The workaround? Instead of trying to cram all four boot methods in one image there will probably be two images: One ISO for optical drives and a GPT partitioned hard disk image for thumb drives. The image for thumb drives will use three partitions: The first for the ISO, one EXT4 for the BIOS compatible extlinux bootloader and one  for the UEFI boot partition – effectively just containing a dd’d copy of the El-Torito image used for UEFI boot from optical drives. This will just add a few lines to the build script and it will even be easy to distribute as a very small xdelta. The option to search for loop files will be changed to examine .img files as well: If one is found that contains an ISO filesystem in the first partition, this is used for boot. This allows magazines to create bootable cover CDs that also contain filesystem images to install on thumb drives using either Win32DiskImager or dd without having to include the container directory and the image file.

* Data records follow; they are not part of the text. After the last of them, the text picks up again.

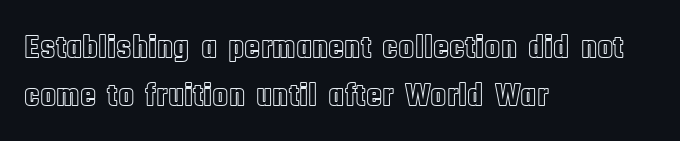
{"italic": "no", "width": "condensed", "x_height": "large", "monospaced": "no", "underline": "no", "align": "left", "line_spacing": "normal", "line_spacing_ratio": 1.44, "letter_spacing": "normal", "letter_spacing_em": 0.0, "glyph_px": 33}
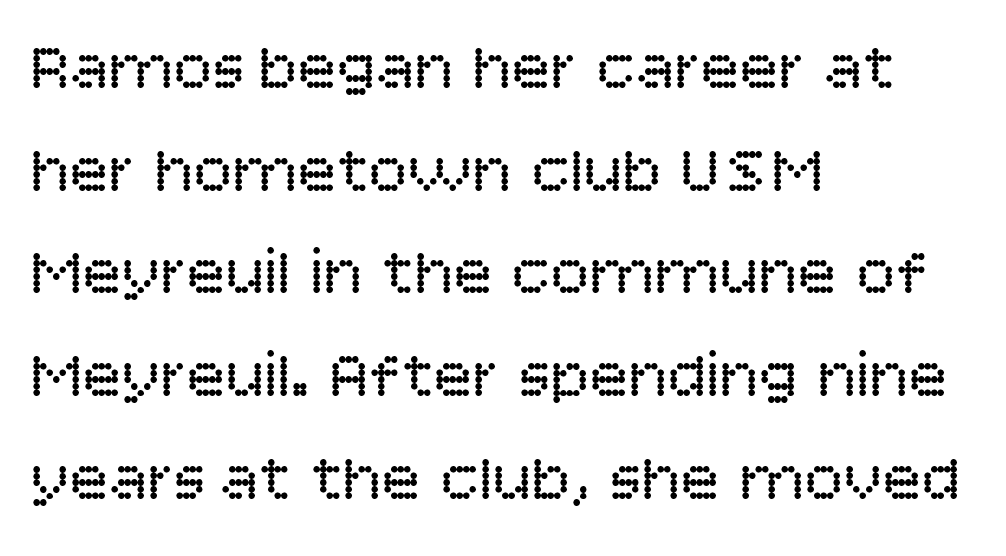
The image shows 65 px regular-weight sans-serif type, upright; set left-aligned, normal line spacing (1.58x), normal letter spacing, not underlined; low stroke contrast and a large x-height.
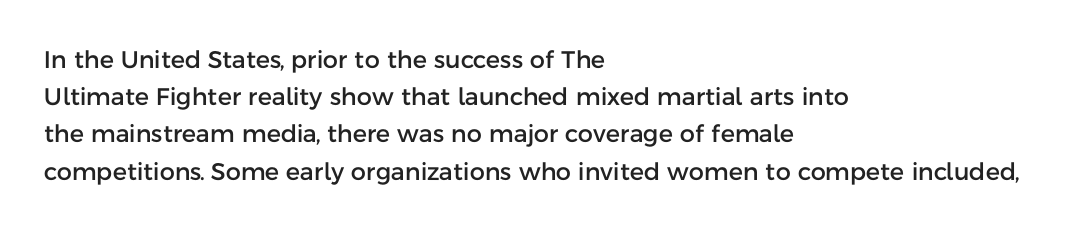
Q: Is the text italic (slanted)? A: No, it is upright.
Q: Is the text underlined? A: No.
Q: How is the paragraph aligned? A: Left-aligned.
Q: Is the spacing between letters normal or unusually wide? A: Normal.
Q: Is the spacing between lines tight, normal or loose? A: Normal.
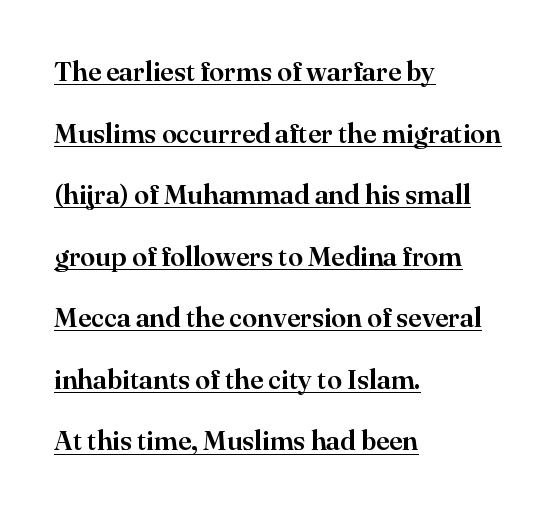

Good news for old build environments! The changes mentioned above are just applied if the overlay directory contains a folder “efiimage”. If this folder is missing, it is assumed that the resulting image just has to be bootable on BIOS machines. In this case as before, genisoimage and the isohybrid perl script will be used to build one image that boots from CD/DVD or from USB thumb drive. Expect this option to be removed in some months, but it will make the transition easier for those who are not yet in the need for UEFI bootable images.